* _Work item_
Below are records to write out exactly; drop the pictures when you do.

[Exercise materials Boundary: Start]

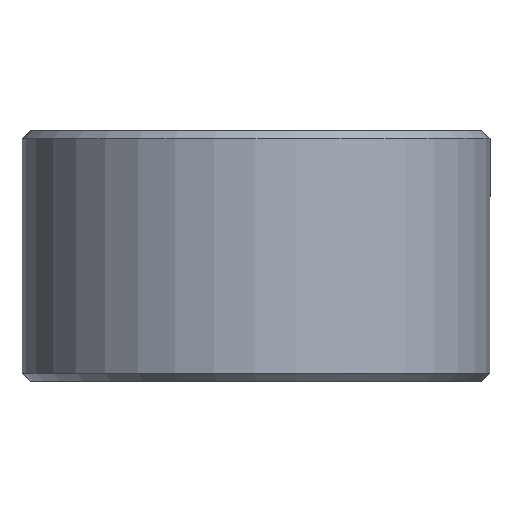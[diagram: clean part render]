
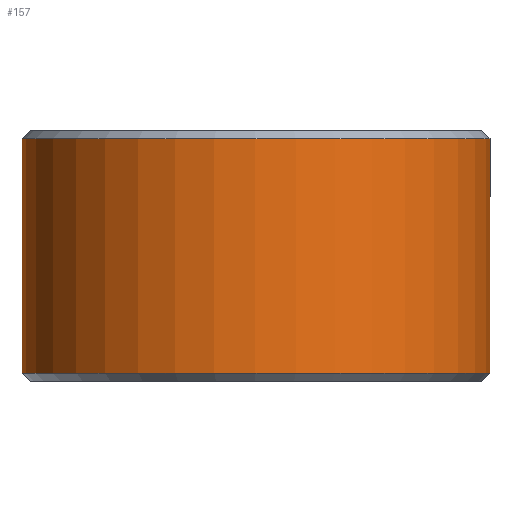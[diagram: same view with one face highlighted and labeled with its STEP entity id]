
A CAD part, front view. The second image highlights one B-rep face of the part: STEP entity #157.
In plain terms, the highlighted cylindrical face has radius 14 mm (diameter 28 mm), a partial arc.
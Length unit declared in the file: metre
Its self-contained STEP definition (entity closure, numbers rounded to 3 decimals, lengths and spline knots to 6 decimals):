
#157=ADVANCED_FACE('',(#173),#174,.T.);
#173=FACE_OUTER_BOUND('',#194,.T.);
#174=CYLINDRICAL_SURFACE('',#195,0.014);
#194=EDGE_LOOP('',(#234,#235,#236,#237));
#195=AXIS2_PLACEMENT_3D('',#238,#239,#240);
#234=ORIENTED_EDGE('',*,*,#297,.T.);
#235=ORIENTED_EDGE('',*,*,#298,.F.);
#236=ORIENTED_EDGE('',*,*,#294,.F.);
#237=ORIENTED_EDGE('',*,*,#299,.T.);
#238=CARTESIAN_POINT('',(0.,0.,0.));
#239=DIRECTION('',(0.,0.0,-1.0));
#240=DIRECTION('',(-1.0,0.0,0.));
#294=EDGE_CURVE('',#326,#327,#328,.T.);
#297=EDGE_CURVE('',#331,#332,#333,.T.);
#298=EDGE_CURVE('',#327,#332,#334,.T.);
#299=EDGE_CURVE('',#326,#331,#335,.T.);
#326=VERTEX_POINT('',#372);
#327=VERTEX_POINT('',#373);
#328=CIRCLE('',#374,0.014);
#331=VERTEX_POINT('',#379);
#332=VERTEX_POINT('',#380);
#333=CIRCLE('',#381,0.014);
#334=LINE('',#382,#383);
#335=LINE('',#384,#385);
#372=CARTESIAN_POINT('',(0.000244,0.013998,0.0005));
#373=CARTESIAN_POINT('',(0.,0.014,0.0005));
#374=AXIS2_PLACEMENT_3D('',#422,#423,#424);
#379=CARTESIAN_POINT('',(0.000244,0.013998,0.0145));
#380=CARTESIAN_POINT('',(0.,0.014,0.0145));
#381=AXIS2_PLACEMENT_3D('',#427,#428,#429);
#382=CARTESIAN_POINT('',(0.,0.014,0.0005));
#383=VECTOR('',#430,1.0);
#384=CARTESIAN_POINT('',(0.000244,0.013998,0.0005));
#385=VECTOR('',#431,1.0);
#422=CARTESIAN_POINT('',(0.,0.,0.0005));
#423=DIRECTION('',(0.,0.0,-1.0));
#424=DIRECTION('',(-1.0,0.0,0.));
#427=CARTESIAN_POINT('',(0.,0.,0.0145));
#428=DIRECTION('',(0.,0.0,-1.0));
#429=DIRECTION('',(-1.0,0.0,0.));
#430=DIRECTION('',(0.,0.,1.0));
#431=DIRECTION('',(0.,0.,1.0));
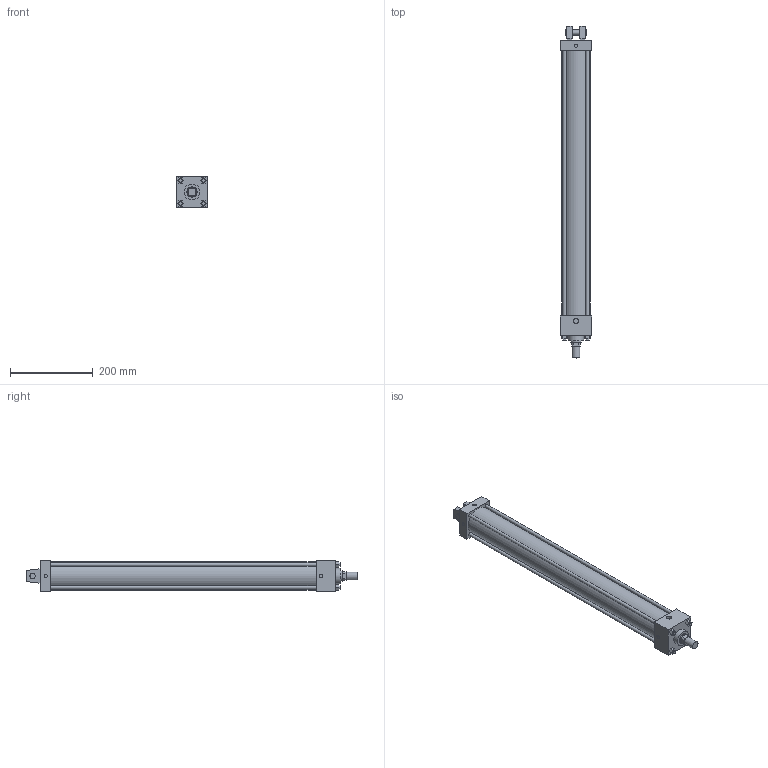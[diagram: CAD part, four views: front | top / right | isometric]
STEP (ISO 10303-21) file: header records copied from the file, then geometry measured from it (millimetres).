
FILE_DESCRIPTION((' Parasolid data model '),'2;1');
FILE_NAME('GSSL','1999-12-15T14:50:56+00:00',(' GSSL '),(' GSSL Pune '),'','GSSL Pune','Author');
FILE_SCHEMA(('CONFIG_CONTROL_DESIGN'));
Length unit declared in the file: millimetre
Bounding box: 76.2 x 803.27 x 76.2 mm (x, y, z)
Surface area: 252825.7 mm2 (no closed solid volume)
Topology: 0 solids, 5 shells, 103 faces, 252 edges, 177 vertices
Faces by surface type: plane 76, cylinder 27
Full cylindrical faces by diameter (mm): 7.938 x14, 12.487 x2, 12.7 x3, 19.05 x1, 25.4 x1, 38.1 x1, 68.326 x1
Entity records: 3473 total; most frequent: CARTESIAN_POINT 615, DIRECTION 532, ORIENTED_EDGE 481, EDGE_CURVE 290, VERTEX_POINT 234, LINE 230, VECTOR 230, EDGE_LOOP 178
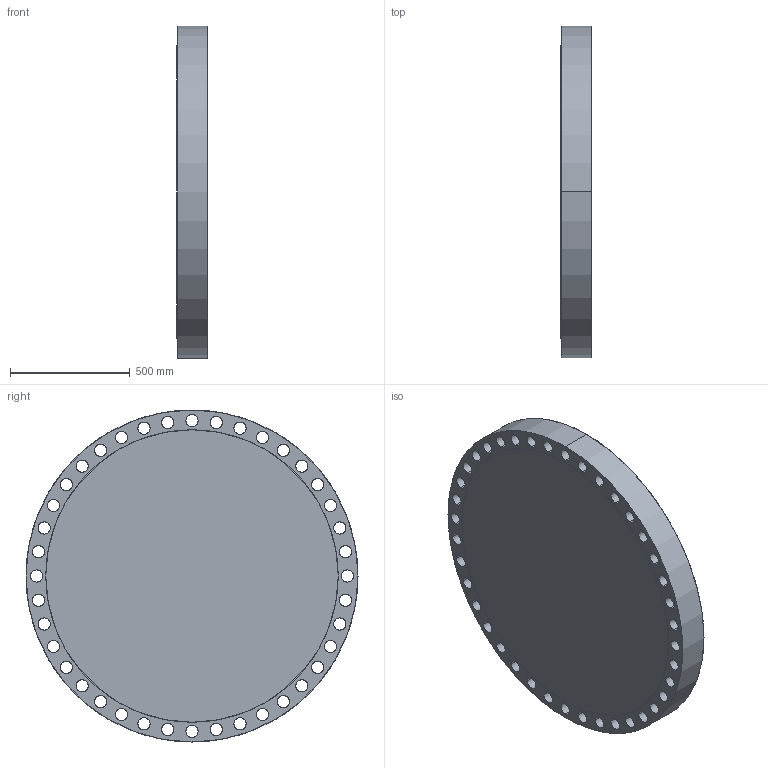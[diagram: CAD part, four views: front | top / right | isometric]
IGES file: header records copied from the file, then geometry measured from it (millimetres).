
Start section: SolidWorks IGES file using analytic representation for surfaces
Global section: file name: 44_300_B1647B_RF_BLF.IGS; native system: SolidWorks 2023; preprocessor: SolidWorks 2023; author: Ken_Snader; date: 240112.151728; units: inch
Bounding box: 127 x 1384.3 x 1384.3 mm (x, y, z)
Surface area: 4200035.3 mm2 (no closed solid volume)
Topology: 0 solids, 0 shells, 87 faces, 3152 edges, 3152 vertices
Faces by surface type: revolution 84, bspline 3

[Exercise materials Boundary: End]

* _Answer space_
[diagram: clean part render]
[diagram: same view with one face highlighted and labeled with its STEP entity id]
A CAD part, front view. The second image highlights one B-rep face of the part: STEP entity #157.
In plain terms, the highlighted cylindrical face has radius 14 mm (diameter 28 mm), a partial arc.
Length unit declared in the file: metre
Its self-contained STEP definition (entity closure, numbers rounded to 3 decimals, lengths and spline knots to 6 decimals):
#157=ADVANCED_FACE('',(#173),#174,.T.);
#173=FACE_OUTER_BOUND('',#194,.T.);
#174=CYLINDRICAL_SURFACE('',#195,0.014);
#194=EDGE_LOOP('',(#234,#235,#236,#237));
#195=AXIS2_PLACEMENT_3D('',#238,#239,#240);
#234=ORIENTED_EDGE('',*,*,#297,.T.);
#235=ORIENTED_EDGE('',*,*,#298,.F.);
#236=ORIENTED_EDGE('',*,*,#294,.F.);
#237=ORIENTED_EDGE('',*,*,#299,.T.);
#238=CARTESIAN_POINT('',(0.,0.,0.));
#239=DIRECTION('',(0.,0.0,-1.0));
#240=DIRECTION('',(-1.0,0.0,0.));
#294=EDGE_CURVE('',#326,#327,#328,.T.);
#297=EDGE_CURVE('',#331,#332,#333,.T.);
#298=EDGE_CURVE('',#327,#332,#334,.T.);
#299=EDGE_CURVE('',#326,#331,#335,.T.);
#326=VERTEX_POINT('',#372);
#327=VERTEX_POINT('',#373);
#328=CIRCLE('',#374,0.014);
#331=VERTEX_POINT('',#379);
#332=VERTEX_POINT('',#380);
#333=CIRCLE('',#381,0.014);
#334=LINE('',#382,#383);
#335=LINE('',#384,#385);
#372=CARTESIAN_POINT('',(0.000244,0.013998,0.0005));
#373=CARTESIAN_POINT('',(0.,0.014,0.0005));
#374=AXIS2_PLACEMENT_3D('',#422,#423,#424);
#379=CARTESIAN_POINT('',(0.000244,0.013998,0.0145));
#380=CARTESIAN_POINT('',(0.,0.014,0.0145));
#381=AXIS2_PLACEMENT_3D('',#427,#428,#429);
#382=CARTESIAN_POINT('',(0.,0.014,0.0005));
#383=VECTOR('',#430,1.0);
#384=CARTESIAN_POINT('',(0.000244,0.013998,0.0005));
#385=VECTOR('',#431,1.0);
#422=CARTESIAN_POINT('',(0.,0.,0.0005));
#423=DIRECTION('',(0.,0.0,-1.0));
#424=DIRECTION('',(-1.0,0.0,0.));
#427=CARTESIAN_POINT('',(0.,0.,0.0145));
#428=DIRECTION('',(0.,0.0,-1.0));
#429=DIRECTION('',(-1.0,0.0,0.));
#430=DIRECTION('',(0.,0.,1.0));
#431=DIRECTION('',(0.,0.,1.0));
[diagram: CAD part, four views: front | top / right | isometric]
STEP (ISO 10303-21) file: header records copied from the file, then geometry measured from it (millimetres).
FILE_DESCRIPTION((' Parasolid data model '),'2;1');
FILE_NAME('GSSL','1999-12-15T14:50:56+00:00',(' GSSL '),(' GSSL Pune '),'','GSSL Pune','Author');
FILE_SCHEMA(('CONFIG_CONTROL_DESIGN'));
Length unit declared in the file: millimetre
Bounding box: 76.2 x 803.27 x 76.2 mm (x, y, z)
Surface area: 252825.7 mm2 (no closed solid volume)
Topology: 0 solids, 5 shells, 103 faces, 252 edges, 177 vertices
Faces by surface type: plane 76, cylinder 27
Full cylindrical faces by diameter (mm): 7.938 x14, 12.487 x2, 12.7 x3, 19.05 x1, 25.4 x1, 38.1 x1, 68.326 x1
Entity records: 3473 total; most frequent: CARTESIAN_POINT 615, DIRECTION 532, ORIENTED_EDGE 481, EDGE_CURVE 290, VERTEX_POINT 234, LINE 230, VECTOR 230, EDGE_LOOP 178
[diagram: CAD part, four views: front | top / right | isometric]
IGES file: header records copied from the file, then geometry measured from it (millimetres).
Start section: SolidWorks IGES file using analytic representation for surfaces
Global section: file name: 44_300_B1647B_RF_BLF.IGS; native system: SolidWorks 2023; preprocessor: SolidWorks 2023; author: Ken_Snader; date: 240112.151728; units: inch
Bounding box: 127 x 1384.3 x 1384.3 mm (x, y, z)
Surface area: 4200035.3 mm2 (no closed solid volume)
Topology: 0 solids, 0 shells, 87 faces, 3152 edges, 3152 vertices
Faces by surface type: revolution 84, bspline 3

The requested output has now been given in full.